When lexing, attach precedence to each operator:

```rust
'+' => CalcTerminal::OP('+', Precedence::Left(1)),   // Lower precedence
'*' => CalcTerminal::OP('*', Precedence::Left(2)),   // Higher precedence
'^' => CalcTerminal::OP('^', Precedence::Right(3)),  // Right-associative
```

**Precedence values:**
- `Precedence::Left(n)` - left-associative with level n
- `Precedence::Right(n)` - right-associative with level n
- Higher n = tighter binding

This enables user-defined operators at runtime!
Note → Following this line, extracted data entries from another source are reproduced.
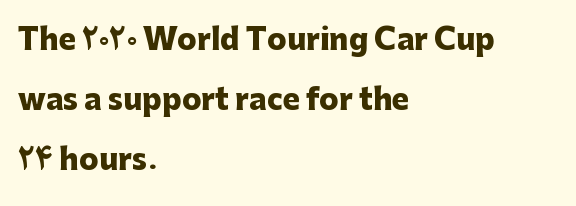
Q: Is the text bold? A: Yes.
Q: Is the text italic (slanted)? A: No, it is upright.
Q: Is the typeface a serif or a sans-serif typeface? A: Sans-serif.
Q: Is the text underlined? A: No.
Q: How is the paragraph aligned? A: Left-aligned.
Q: Is the spacing between letters normal or unusually wide? A: Normal.
Q: Is the spacing between lines tight, normal or loose? A: Loose.
Q: Width (condensed, normal, or wide)? A: Normal.
Q: Stroke contrast? A: Low.
Q: x-height? A: Medium.
Q: Monospaced? A: No.
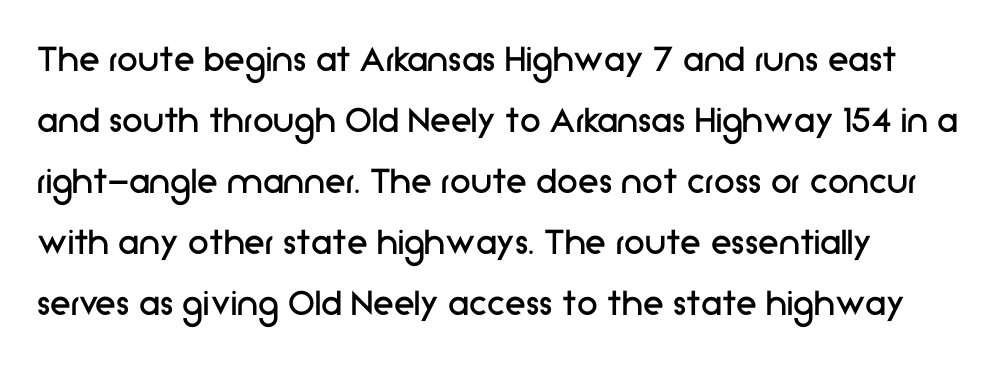
The image shows 42 px regular-weight sans-serif type, upright; set normal line spacing (1.45x), normal letter spacing, not underlined; low stroke contrast and a medium x-height.

### Token Range Tracking (Spans)

Implement `set_token_range` to track source positions:

```rust
impl CalcActions for SpanTracker {
    fn set_token_range(&mut self, start: usize, end: usize) {
        // Called before each reduction with [start, end) token indices
        self.current_span = self.token_spans[start].start..self.token_spans[end-1].end;
    }

    fn binop(&mut self, left: Expr, op: char, right: Expr) -> Expr {
        Expr {
            kind: ExprKind::BinOp(Box::new(left), op, Box::new(right)),
            span: self.current_span.clone(),
        }
    }
    // ...
}
```

### Lexer Feedback

For languages like C where lexing depends on parse state (typedef disambiguation):

```rust
struct CActions {
    typedefs: HashSet<String>,
}

impl C11Actions for CActions {
    fn typedef_declaration(&mut self, name: String, ...) -> Declaration {
        self.typedefs.insert(name.clone());
        // ...
    }
}

// In your parse loop:
loop {
    // Lexer sees current typedef set
    let token = lexer.next(&actions.typedefs)?;
    parser.push(token, &mut actions)?;
}
```

The push-based architecture makes this natural - you control the loop.
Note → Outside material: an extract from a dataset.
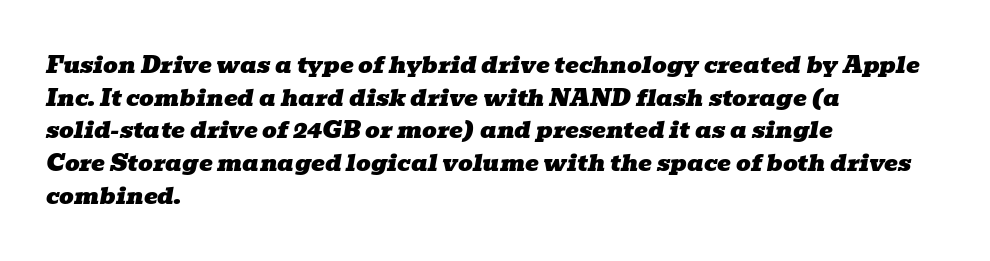
The image shows 23 px text type, italic (leaning right); set left-aligned, normal line spacing (1.42x), normal letter spacing, not underlined.

### Multiple Implementations

The same grammar can have multiple action implementations:

```rust
// Evaluator
impl CalcTypes for Evaluator { type Expr = f64; /* ... */ }
impl CalcActions for Evaluator {
    fn binop(&mut self, l: f64, op: char, r: f64) -> Result<f64, ParseError> { /* evaluate */ }
}

// AST Builder
impl CalcTypes for AstBuilder { type Expr = AstNode; /* ... */ }
impl CalcActions for AstBuilder {
    fn binop(&mut self, l: AstNode, op: char, r: AstNode) -> Result<AstNode, ParseError> { /* build tree */ }
}

// Pretty Printer
impl CalcTypes for Printer { type Expr = String; /* ... */ }
impl CalcActions for Printer {
    fn binop(&mut self, l: String, op: char, r: String) -> Result<String, ParseError> { /* format */ }
}
```

### Runtime Grammar API

For dynamic grammars, use the library API directly:

```rust
use gazelle::{parse_grammar, GrammarBuilder};
use gazelle::table::CompiledTable;
use gazelle::runtime::{Parser, Token};

// Parse from string
let grammar = parse_grammar(r#"
    grammar Expr {
        start expr;
        terminals { NUM, PLUS }
        expr = expr PLUS expr | NUM;
    }
"#)?;

// Or build programmatically
let mut gb = GrammarBuilder::new();
let num = gb.t("NUM");
let plus = gb.t("PLUS");
let expr = gb.nt("expr");
gb.rule(expr, vec![expr, plus, expr]);
gb.rule(expr, vec![num]);
let grammar = gb.build();

// Compile and use
let compiled = CompiledTable::build(&grammar);
let mut parser = Parser::new(compiled.table());

// Push tokens with maybe_reduce/shift
let num_id = compiled.symbol_id("NUM").unwrap();
let token = Token::new(num_id);

while let Some((rule, len, start_idx)) = parser.maybe_reduce(Some(&token))? {
    // Handle reduction
}
parser.shift(&token);
```

---

## Error Messages

### Parse Errors

```
unexpected 'STAR', expected: NUM, LPAREN
  after: expr PLUS
  in expr: expr • OP expr
```

### Conflict Errors

```
Shift/reduce conflict on 'IDENT':
  - Shift (continue parsing)
  - Reduce by: __ident_dot_star -> (empty)

Parser state when seeing 'IDENT':
  arg -> • IDENT EQ path  [shift]
  arg -> • path
  __ident_dot_star -> •  [reduce on IDENT]
```

Use `expect N rr;` / `expect N sr;` to acknowledge known conflicts.